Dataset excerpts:
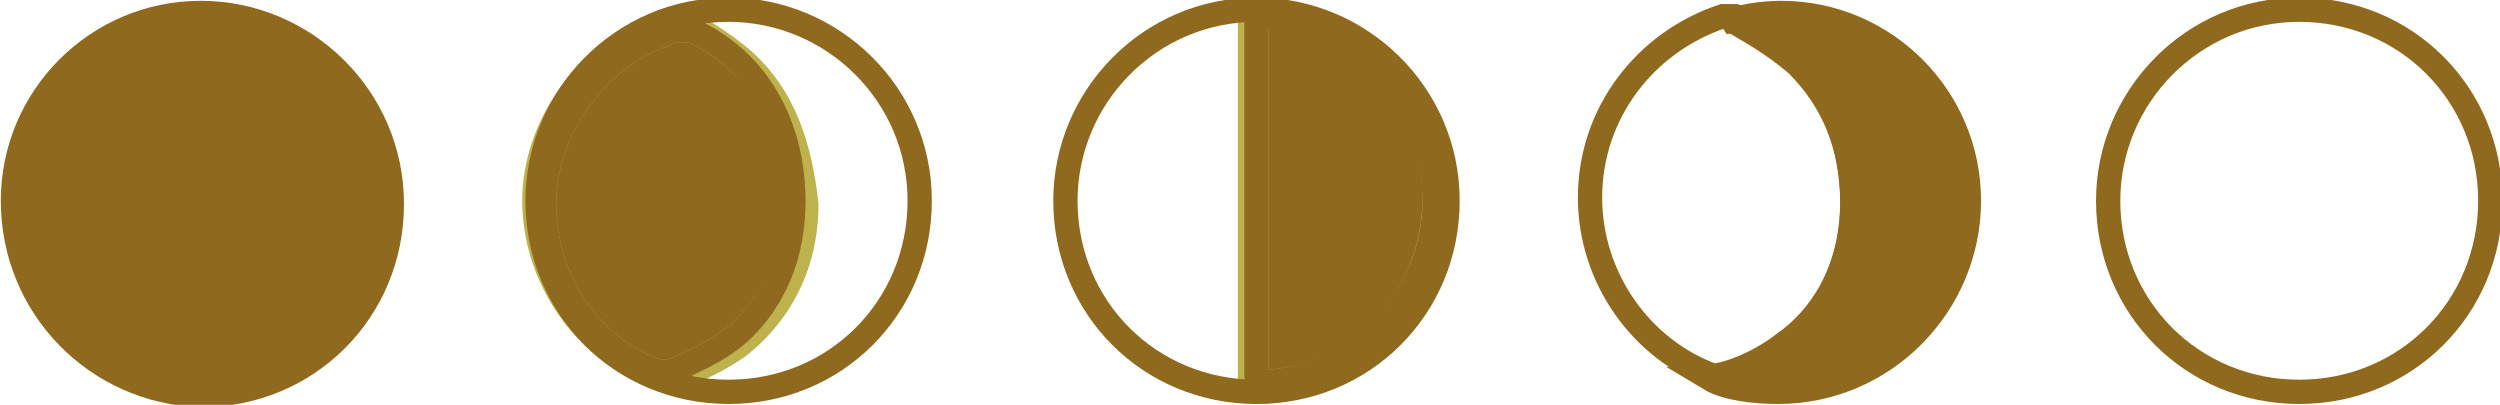 <?xml version="1.0" encoding="utf-8"?>
<!-- Generator: Adobe Illustrator 24.2.3, SVG Export Plug-In . SVG Version: 6.00 Build 0)  -->
<svg version="1.1" id="Layer_1" xmlns="http://www.w3.org/2000/svg" xmlns:xlink="http://www.w3.org/1999/xlink" x="0px" y="0px"
	 viewBox="0 0 77.2 12.5" style="enable-background:new 0 0 77.2 12.5;" xml:space="preserve">
<style type="text/css">
	.st0{fill-rule:evenodd;clip-rule:evenodd;fill:#BEB24D;}
	.st1{fill:none;stroke:#BEB24D;stroke-width:0.5;}
	.st2{fill-rule:evenodd;clip-rule:evenodd;fill:#8F691D;}
	.st3{fill:none;stroke:#BEB24D;stroke-width:0.75;}
	.st4{fill:none;stroke:#8F691D;stroke-width:0.75;}
</style>
<g>
	<path id="Fill-1" class="st0" d="M22.8,10.3c-0.7,0.6-1.5,0.9-1.9,1.1c-0.3,0.1-0.5,0.1-0.8,0c-2-0.8-3.3-2.9-3.3-5.1
		c0-2.2,1.5-4.4,3.6-5.2c0.1,0,0.1,0,0.2-0.1c0.3-0.1,0.6-0.1,0.9,0c0.4,0.2,0.9,0.5,1.4,1c1.2,1.1,1.8,2.5,1.8,4.3
		C24.5,7.9,23.9,9.3,22.8,10.3 M23,1.9c-0.8-0.7-1.6-1.1-1.9-1.3c-0.1,0-0.3-0.1-0.4,0c-0.1,0-0.3,0.1-0.5,0.2
		c-2.1,0.9-3.7,3.1-3.7,5.4c0,2.4,1.6,4.7,3.9,5.5l0,0c0,0,0,0,0.1,0c0.3,0,1.3-0.3,2.3-1c0.9-0.7,2.1-2.1,2.1-4.4
		C24.7,4.5,24.2,3,23,1.9"/>
	<path id="Stroke-3" class="st1" d="M22.8,10.3c-0.7,0.6-1.5,0.9-1.9,1.1c-0.3,0.1-0.5,0.1-0.8,0c-2-0.8-3.3-2.9-3.3-5.1
		c0-2.2,1.5-4.4,3.6-5.2c0.1,0,0.1,0,0.2-0.1c0.3-0.1,0.6-0.1,0.9,0c0.4,0.2,0.9,0.5,1.4,1c1.2,1.1,1.8,2.5,1.8,4.3
		C24.5,7.9,23.9,9.3,22.8,10.3z M23,1.9c-0.8-0.7-1.6-1.1-1.9-1.3c-0.1,0-0.3-0.1-0.4,0c-0.1,0-0.3,0.1-0.5,0.2
		c-2.1,0.9-3.7,3.1-3.7,5.4c0,2.4,1.6,4.7,3.9,5.5l0,0c0,0,0,0,0.1,0c0.3,0,1.3-0.3,2.3-1c0.9-0.7,2.1-2.1,2.1-4.4
		C24.7,4.5,24.2,3,23,1.9z"/>
	<path id="Fill-5" class="st2" d="M24.5,6.2c0,1.7-0.6,3.1-1.7,4.1c-0.7,0.6-1.5,0.9-1.9,1.1c-0.3,0.1-0.5,0.1-0.8,0
		c-2-0.8-3.3-2.9-3.3-5.1c0-2.2,1.5-4.4,3.6-5.2c0.1,0,0.1,0,0.2-0.1c0.3-0.1,0.6-0.1,0.9,0c0.4,0.2,0.9,0.5,1.4,1
		C23.9,3,24.5,4.5,24.5,6.2"/>
	<path id="Stroke-7" class="st1" d="M24.5,6.2c0,1.7-0.6,3.1-1.7,4.1c-0.7,0.6-1.5,0.9-1.9,1.1c-0.3,0.1-0.5,0.1-0.8,0
		c-2-0.8-3.3-2.9-3.3-5.1c0-2.2,1.5-4.4,3.6-5.2c0.1,0,0.1,0,0.2-0.1c0.3-0.1,0.6-0.1,0.9,0c0.4,0.2,0.9,0.5,1.4,1
		C23.9,3,24.5,4.5,24.5,6.2z"/>
	<path id="Stroke-9" class="st3" d="M22.8,10.3c-0.7,0.6-1.5,0.9-1.9,1.1c-0.3,0.1-0.5,0.1-0.8,0c-2-0.8-3.3-2.9-3.3-5.1
		c0-2.2,1.5-4.4,3.6-5.2c0.1,0,0.1,0,0.2-0.1c0.3-0.1,0.6-0.1,0.9,0c0.4,0.2,0.9,0.5,1.4,1c1.2,1.1,1.8,2.5,1.8,4.3
		C24.5,7.9,23.9,9.3,22.8,10.3z M23,1.9c-0.8-0.7-1.6-1.1-1.9-1.3c-0.1,0-0.3-0.1-0.4,0c-0.1,0-0.3,0.1-0.5,0.2
		c-2.1,0.9-3.7,3.1-3.7,5.4c0,2.4,1.6,4.7,3.9,5.5l0,0c0,0,0,0,0.1,0c0.3,0,1.3-0.3,2.3-1c0.9-0.7,2.1-2.1,2.1-4.4
		C24.7,4.5,24.2,3,23,1.9z"/>
	<path id="Stroke-11" class="st4" d="M24.5,6.2c0,1.7-0.6,3.1-1.7,4.1c-0.7,0.6-1.5,0.9-1.9,1.1c-0.3,0.1-0.5,0.1-0.8,0
		c-2-0.8-3.3-2.9-3.3-5.1c0-2.2,1.5-4.4,3.6-5.2c0.1,0,0.1,0,0.2-0.1c0.3-0.1,0.6-0.1,0.9,0c0.4,0.2,0.9,0.5,1.4,1
		C23.9,3,24.5,4.5,24.5,6.2z"/>
	<path id="Fill-13" class="st0" d="M39,11.8c-0.1,0-0.2-0.1-0.2-0.2l0-10.9c0-0.1,0.1-0.2,0.2-0.2c2.9,0.1,5.3,2.6,5.3,5.6
		C44.3,9.2,42,11.7,39,11.8 M42.8,2.1c-1.1-1.1-2.5-1.7-4.1-1.7c-0.1,0-0.1,0.1-0.1,0.1l0,11.5c0,0.1,0.1,0.1,0.1,0.1
		c3.2,0,5.8-2.6,5.8-5.8C44.5,4.6,43.9,3.2,42.8,2.1"/>
	<path id="Stroke-15" class="st1" d="M39,11.8c-0.1,0-0.2-0.1-0.2-0.2l0-10.9c0-0.1,0.1-0.2,0.2-0.2c2.9,0.1,5.3,2.6,5.3,5.6
		C44.3,9.2,42,11.7,39,11.8z M42.8,2.1c-1.1-1.1-2.5-1.7-4.1-1.7c-0.1,0-0.1,0.1-0.1,0.1l0,11.5c0,0.1,0.1,0.1,0.1,0.1
		c3.2,0,5.8-2.6,5.8-5.8C44.5,4.6,43.9,3.2,42.8,2.1z"/>
	<path id="Fill-17" class="st2" d="M44.3,6.2c0,3-2.4,5.5-5.3,5.6c-0.1,0-0.2-0.1-0.2-0.2l0-10.9c0-0.1,0.1-0.2,0.2-0.2
		C42,0.8,44.3,3.2,44.3,6.2"/>
	<path id="Stroke-19" class="st1" d="M44.3,6.2c0,3-2.4,5.5-5.3,5.6c-0.1,0-0.2-0.1-0.2-0.2l0-10.9c0-0.1,0.1-0.2,0.2-0.2
		C42,0.8,44.3,3.2,44.3,6.2z"/>
	<path id="Stroke-21" class="st3" d="M39,11.8c-0.1,0-0.2-0.1-0.2-0.2l0-10.9c0-0.1,0.1-0.2,0.2-0.2c2.9,0.1,5.3,2.6,5.3,5.6
		C44.3,9.2,42,11.7,39,11.8z M42.8,2.1c-1.1-1.1-2.5-1.7-4.1-1.7c-0.1,0-0.1,0.1-0.1,0.1l0,11.5c0,0.1,0.1,0.1,0.1,0.1
		c3.2,0,5.8-2.6,5.8-5.8C44.5,4.6,43.9,3.2,42.8,2.1z"/>
	<path id="Stroke-23" class="st4" d="M44.3,6.2c0,3-2.4,5.5-5.3,5.6c-0.1,0-0.2-0.1-0.2-0.2l0-10.9c0-0.1,0.1-0.2,0.2-0.2
		C42,0.8,44.3,3.2,44.3,6.2z"/>
	<path id="Stroke-25" class="st4" d="M16.6,6.2c0-3.2,2.6-5.9,5.9-5.9c3.2,0,5.9,2.6,5.9,5.9s-2.6,5.9-5.9,5.9
		C19.2,12.1,16.6,9.5,16.6,6.2z"/>
	<path id="Fill-27" class="st2" d="M60.8,6.2c0,3.2-2.6,5.9-5.9,5.9c-0.7,0-1.6-0.1-2.1-0.4c0.3,0,1.4-0.3,2.3-1
		c0.9-0.7,2.1-2.1,2.1-4.4c0-1.8-0.6-3.2-1.7-4.3c-0.8-0.7-1.6-1.1-1.9-1.3c-0.1,0-0.3-0.1-0.4,0c0,0,0,0,0,0
		c0.6-0.2,1.2-0.3,1.8-0.3C58.2,0.4,60.8,3,60.8,6.2"/>
	<path id="Stroke-29" class="st4" d="M60.8,6.2c0,3.2-2.6,5.9-5.9,5.9c-0.7,0-1.6-0.1-2.1-0.4c0.3,0,1.4-0.3,2.3-1
		c0.9-0.7,2.1-2.1,2.1-4.4c0-1.8-0.6-3.2-1.7-4.3c-0.8-0.7-1.6-1.1-1.9-1.3c-0.1,0-0.3-0.1-0.4,0c0,0,0,0,0,0
		c0.6-0.2,1.2-0.3,1.8-0.3C58.2,0.4,60.8,3,60.8,6.2z"/>
	<path id="Stroke-31" class="st4" d="M57.2,6.2c0,2.3-1.1,3.7-2.1,4.4c-0.9,0.7-1.9,1-2.2,1c-2.2-0.8-3.8-3-3.8-5.5
		c0-2.6,1.7-4.8,4.1-5.6c0,0,0,0,0,0c0.1,0,0.3,0,0.4,0c0.4,0.1,1.2,0.5,1.9,1.3C56.6,3,57.2,4.5,57.2,6.2z"/>
	<path id="Stroke-33" class="st4" d="M65.1,6.2c0-3.2,2.6-5.9,5.9-5.9s5.9,2.6,5.9,5.9s-2.6,5.9-5.9,5.9S65.1,9.5,65.1,6.2z"/>
	<path id="Fill-35" class="st2" d="M0.4,6.2C0.4,3,3,0.4,6.2,0.4c3.2,0,5.9,2.6,5.9,5.9s-2.6,5.9-5.9,5.9C3,12.1,0.4,9.5,0.4,6.2"/>
	<path id="Stroke-37" class="st4" d="M0.4,6.2C0.4,3,3,0.4,6.2,0.4c3.2,0,5.9,2.6,5.9,5.9s-2.6,5.9-5.9,5.9C3,12.1,0.4,9.5,0.4,6.2z
		"/>
	<path id="Stroke-39" class="st4" d="M32.9,6.2c0-3.2,2.6-5.9,5.9-5.9c3.2,0,5.9,2.6,5.9,5.9s-2.6,5.9-5.9,5.9
		C35.5,12.1,32.9,9.5,32.9,6.2z"/>
</g>
</svg>

WHAT THE EXERCISE ASKS:
Check the data for the word "width" and pull out the lines that have it.

WRITTEN ANSWER:
	.st1{fill:none;stroke:#BEB24D;stroke-width:0.5;}
	.st3{fill:none;stroke:#BEB24D;stroke-width:0.75;}
	.st4{fill:none;stroke:#8F691D;stroke-width:0.75;}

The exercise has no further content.